Ein konkretes Beispiel ist das Projekt „ViseKat“. Dort entwickeln Forscher ein Sensorpflaster, das bei Massenanfällen von Verletzten die Vitalwerte überwacht und die Triage erleichtert.

Spargesetz gefährdet Entlastung

Anzeige

Während die Forschung mit Xanamem und Ketamin neue Wege gegen Depressionen findet, verschärft das GKV-Beitragssatzstabilisierungsgesetz die Versorgungskrise. Für HR-Verantwortliche heißt das: längere Ausfallzeiten und höhere Belastung der Teams. Unser Report liefert konkrete Handlungsempfehlungen – von der Früherkennung bis zur Wiedereingliederung. Report jetzt kostenlos anfordern

Die Politik gibt jedoch ein widersprüchliches Signal. Am 20. Juli konkretisierte das Bundesgesundheitsministerium seine Präventionsoffensive mit den Schwerpunkten „gesundes Arbeiten“ und „gesundes Altern“. Vertreter der Bundesärztekammer und des GKV-Spitzenverbandes sind eingebunden.
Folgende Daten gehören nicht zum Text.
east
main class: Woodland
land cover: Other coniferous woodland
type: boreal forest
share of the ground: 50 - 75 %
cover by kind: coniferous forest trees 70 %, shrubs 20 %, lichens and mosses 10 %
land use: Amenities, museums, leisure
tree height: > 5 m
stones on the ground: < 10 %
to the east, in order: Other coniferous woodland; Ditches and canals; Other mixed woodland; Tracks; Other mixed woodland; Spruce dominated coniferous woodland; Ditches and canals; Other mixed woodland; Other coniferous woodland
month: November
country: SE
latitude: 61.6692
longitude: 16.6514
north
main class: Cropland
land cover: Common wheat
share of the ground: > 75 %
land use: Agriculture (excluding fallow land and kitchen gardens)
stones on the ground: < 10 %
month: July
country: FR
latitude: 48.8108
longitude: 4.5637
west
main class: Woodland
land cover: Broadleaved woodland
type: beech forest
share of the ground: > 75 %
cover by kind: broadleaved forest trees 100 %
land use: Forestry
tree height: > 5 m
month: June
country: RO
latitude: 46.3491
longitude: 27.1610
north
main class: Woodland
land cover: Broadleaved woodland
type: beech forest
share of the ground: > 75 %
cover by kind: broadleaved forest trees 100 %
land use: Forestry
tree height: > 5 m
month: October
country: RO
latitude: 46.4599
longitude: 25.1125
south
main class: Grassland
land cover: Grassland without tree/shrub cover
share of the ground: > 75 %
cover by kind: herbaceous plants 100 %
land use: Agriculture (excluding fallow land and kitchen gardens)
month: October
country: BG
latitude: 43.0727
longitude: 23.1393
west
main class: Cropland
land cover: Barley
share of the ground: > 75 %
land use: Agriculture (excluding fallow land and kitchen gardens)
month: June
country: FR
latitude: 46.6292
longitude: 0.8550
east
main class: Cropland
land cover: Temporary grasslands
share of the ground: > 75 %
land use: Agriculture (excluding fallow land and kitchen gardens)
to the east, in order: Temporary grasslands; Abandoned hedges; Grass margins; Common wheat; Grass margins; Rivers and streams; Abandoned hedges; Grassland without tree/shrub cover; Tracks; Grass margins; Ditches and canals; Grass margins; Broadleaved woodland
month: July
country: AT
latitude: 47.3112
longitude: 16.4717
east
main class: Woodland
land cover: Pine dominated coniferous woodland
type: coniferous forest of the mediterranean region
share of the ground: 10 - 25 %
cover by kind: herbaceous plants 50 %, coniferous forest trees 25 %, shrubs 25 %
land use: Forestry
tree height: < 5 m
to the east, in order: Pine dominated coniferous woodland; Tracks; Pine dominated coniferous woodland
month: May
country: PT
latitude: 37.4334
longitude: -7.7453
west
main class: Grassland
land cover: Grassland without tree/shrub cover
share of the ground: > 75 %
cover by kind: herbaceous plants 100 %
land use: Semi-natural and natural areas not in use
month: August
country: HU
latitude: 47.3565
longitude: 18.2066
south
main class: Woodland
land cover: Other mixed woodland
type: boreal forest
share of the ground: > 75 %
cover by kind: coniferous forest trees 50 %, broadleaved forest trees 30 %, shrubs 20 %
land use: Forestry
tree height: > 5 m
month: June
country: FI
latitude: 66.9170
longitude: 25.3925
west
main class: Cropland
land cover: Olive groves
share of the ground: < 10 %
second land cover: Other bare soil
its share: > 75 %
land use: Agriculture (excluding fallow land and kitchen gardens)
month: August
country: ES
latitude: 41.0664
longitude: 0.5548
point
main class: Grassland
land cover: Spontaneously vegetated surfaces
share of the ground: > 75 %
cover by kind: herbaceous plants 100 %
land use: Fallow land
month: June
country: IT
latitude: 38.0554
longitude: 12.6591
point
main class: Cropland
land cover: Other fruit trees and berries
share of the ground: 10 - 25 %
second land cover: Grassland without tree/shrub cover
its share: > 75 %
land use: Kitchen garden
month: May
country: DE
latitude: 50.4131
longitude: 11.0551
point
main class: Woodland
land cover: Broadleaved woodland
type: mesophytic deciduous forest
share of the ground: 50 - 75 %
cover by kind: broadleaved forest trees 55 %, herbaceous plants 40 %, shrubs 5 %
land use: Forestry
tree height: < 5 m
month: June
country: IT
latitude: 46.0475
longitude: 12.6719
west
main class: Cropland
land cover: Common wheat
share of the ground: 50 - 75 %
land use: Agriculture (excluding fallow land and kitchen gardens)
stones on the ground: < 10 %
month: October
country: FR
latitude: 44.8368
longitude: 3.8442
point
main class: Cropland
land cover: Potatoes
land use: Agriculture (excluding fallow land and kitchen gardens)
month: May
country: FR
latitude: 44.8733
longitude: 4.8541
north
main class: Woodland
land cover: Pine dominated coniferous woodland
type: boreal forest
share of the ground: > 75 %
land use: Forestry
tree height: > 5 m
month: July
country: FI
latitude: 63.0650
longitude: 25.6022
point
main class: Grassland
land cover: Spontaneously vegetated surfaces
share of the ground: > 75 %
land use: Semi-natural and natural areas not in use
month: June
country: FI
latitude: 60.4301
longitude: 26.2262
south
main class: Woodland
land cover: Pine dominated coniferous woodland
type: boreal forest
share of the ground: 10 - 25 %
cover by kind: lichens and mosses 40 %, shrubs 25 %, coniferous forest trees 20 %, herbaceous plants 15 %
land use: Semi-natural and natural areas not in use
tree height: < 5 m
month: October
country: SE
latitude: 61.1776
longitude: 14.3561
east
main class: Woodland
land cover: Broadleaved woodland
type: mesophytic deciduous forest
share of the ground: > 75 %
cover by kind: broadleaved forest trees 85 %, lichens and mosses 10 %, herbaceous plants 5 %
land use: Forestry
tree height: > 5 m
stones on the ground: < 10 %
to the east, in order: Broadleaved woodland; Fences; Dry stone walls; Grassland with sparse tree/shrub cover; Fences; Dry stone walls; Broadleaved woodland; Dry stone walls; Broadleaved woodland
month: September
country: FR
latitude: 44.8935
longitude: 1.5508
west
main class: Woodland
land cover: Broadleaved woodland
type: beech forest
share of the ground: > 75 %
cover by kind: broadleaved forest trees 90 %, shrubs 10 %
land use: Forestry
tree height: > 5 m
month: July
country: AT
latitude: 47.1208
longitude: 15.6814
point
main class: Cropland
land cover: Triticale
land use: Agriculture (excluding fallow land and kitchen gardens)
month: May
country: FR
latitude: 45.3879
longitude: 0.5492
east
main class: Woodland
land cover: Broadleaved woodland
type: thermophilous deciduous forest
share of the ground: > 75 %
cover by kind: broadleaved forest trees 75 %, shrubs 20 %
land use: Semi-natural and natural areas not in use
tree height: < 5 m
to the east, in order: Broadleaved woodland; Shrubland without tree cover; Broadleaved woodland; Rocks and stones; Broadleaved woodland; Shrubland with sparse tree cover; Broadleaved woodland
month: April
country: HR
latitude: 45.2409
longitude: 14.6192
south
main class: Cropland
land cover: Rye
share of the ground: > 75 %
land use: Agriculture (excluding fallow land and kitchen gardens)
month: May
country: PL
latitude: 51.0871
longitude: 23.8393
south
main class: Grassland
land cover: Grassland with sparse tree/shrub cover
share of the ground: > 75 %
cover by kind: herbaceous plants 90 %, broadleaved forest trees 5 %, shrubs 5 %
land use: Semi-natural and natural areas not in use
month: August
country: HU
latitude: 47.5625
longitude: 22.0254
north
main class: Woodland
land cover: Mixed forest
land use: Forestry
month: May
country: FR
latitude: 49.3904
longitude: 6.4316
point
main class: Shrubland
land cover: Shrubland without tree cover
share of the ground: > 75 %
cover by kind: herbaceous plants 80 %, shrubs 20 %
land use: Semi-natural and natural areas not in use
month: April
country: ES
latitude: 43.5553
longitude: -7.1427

Doch nur zehn Tage zuvor verabschiedete der Bundestag das Beitragssatzstabilisierungsgesetz. Es sieht Einsparungen von 19 Milliarden Euro vor – unter anderem durch eine Deckelung der Pflegebudgets. Kritiker warnen, dass Tariflohnsteigerungen dann nicht mehr refinanziert werden können. Die Charité kündigte bereits einen bestehenden Entlastungstarifvertrag. Fachkräfte fürchten, dass die Sparmaßnahmen den Personalmangel verschärfen und die psychische Gesundheit weiter belasten.

Disclaimer zu unseren Artikeln: Keine Anlageberatung, keine Kauf- oder Verkaufsempfehlung. Angaben zu Kursen, Unternehmen und Märkten ohne Gewähr; Änderungen jederzeit möglich. Börsengeschäfte können zu hohen Verlusten führen. Unsere Beiträge werden ganz oder teilweise automatisiert mit Unterstützung von AI erstellt und geprüft.